A bit of context - my younger brother (he's just turned 30, so he's only a year younger than I am) and I were both adopted, both from different birth families. Within the last 10 years, we both managed to find our biological roots - he found his birth father and I found my birth mother. My brother and I are not related by birth.
Due to complicated circumstances, my brother and I have not been in contact much over the last 10 years - in fact, Christmas last year (2013) was the first time I'd seen K.J. in around 10 years, and I got to meet his fiancee, and we've been slowly reconnecting over the last year.
On to the point of this post - Linders and I were invited to a turkey dinner at my parents' house today, and K.J. and his fiancee were going to be there - they're expecting a baby due just before Christmas, and I was somewhat excited to see them today.
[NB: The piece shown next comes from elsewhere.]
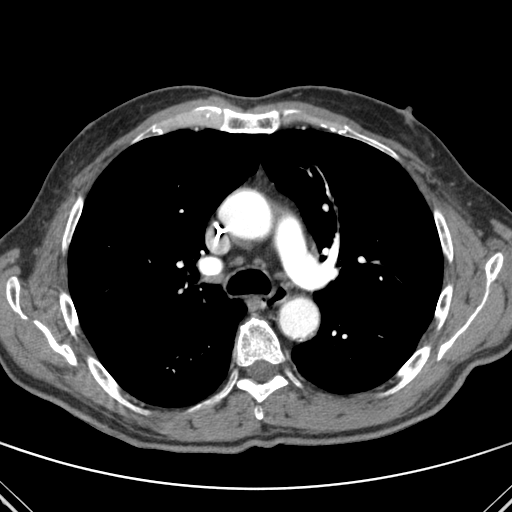
CT scan slice; 512x512

{"partial": true, "lung": ["68, 129, 442, 407"], "bone": {"n_total": 17, "boxes": ["196, 106, 278, 133", "33, 320, 76, 365", "434, 210, 452, 261", "6, 277, 25, 318", "236, 317, 284, 366", "324, 124, 349, 133", "437, 253, 503, 360", "87, 357, 134, 409", "391, 346, 430, 392", "62, 197, 82, 248", "189, 372, 287, 419", "361, 136, 395, 155", "60, 293, 78, 336", "135, 125, 162, 141", "435, 285, 452, 328"]}}

I had a small gift for them and everything.
I spoke to Dad this morning to confirm what time we'd go over to the house, and he mentioned that Linders and I could come over whenever we're ready, but K.J and his fiancee won't be there... because K.J's grandfather (his birth father's father, who he'd apparently been rather close to since they reconnected ten years ago) passed away and he's going across the province to see that branch of his family.
I feel horrible for him, I'm actually weeping here - and I know it's odd for me to be so affected emotionally by this because I've never met his grandfather, and in fact am not related to him myself... but I know how it feels to lose someone precious (I was heartbroken when my grandmother died a few years ago - and actually still find myself sometimes crying over her loss now) and I know how heartbroken K.J. must be today.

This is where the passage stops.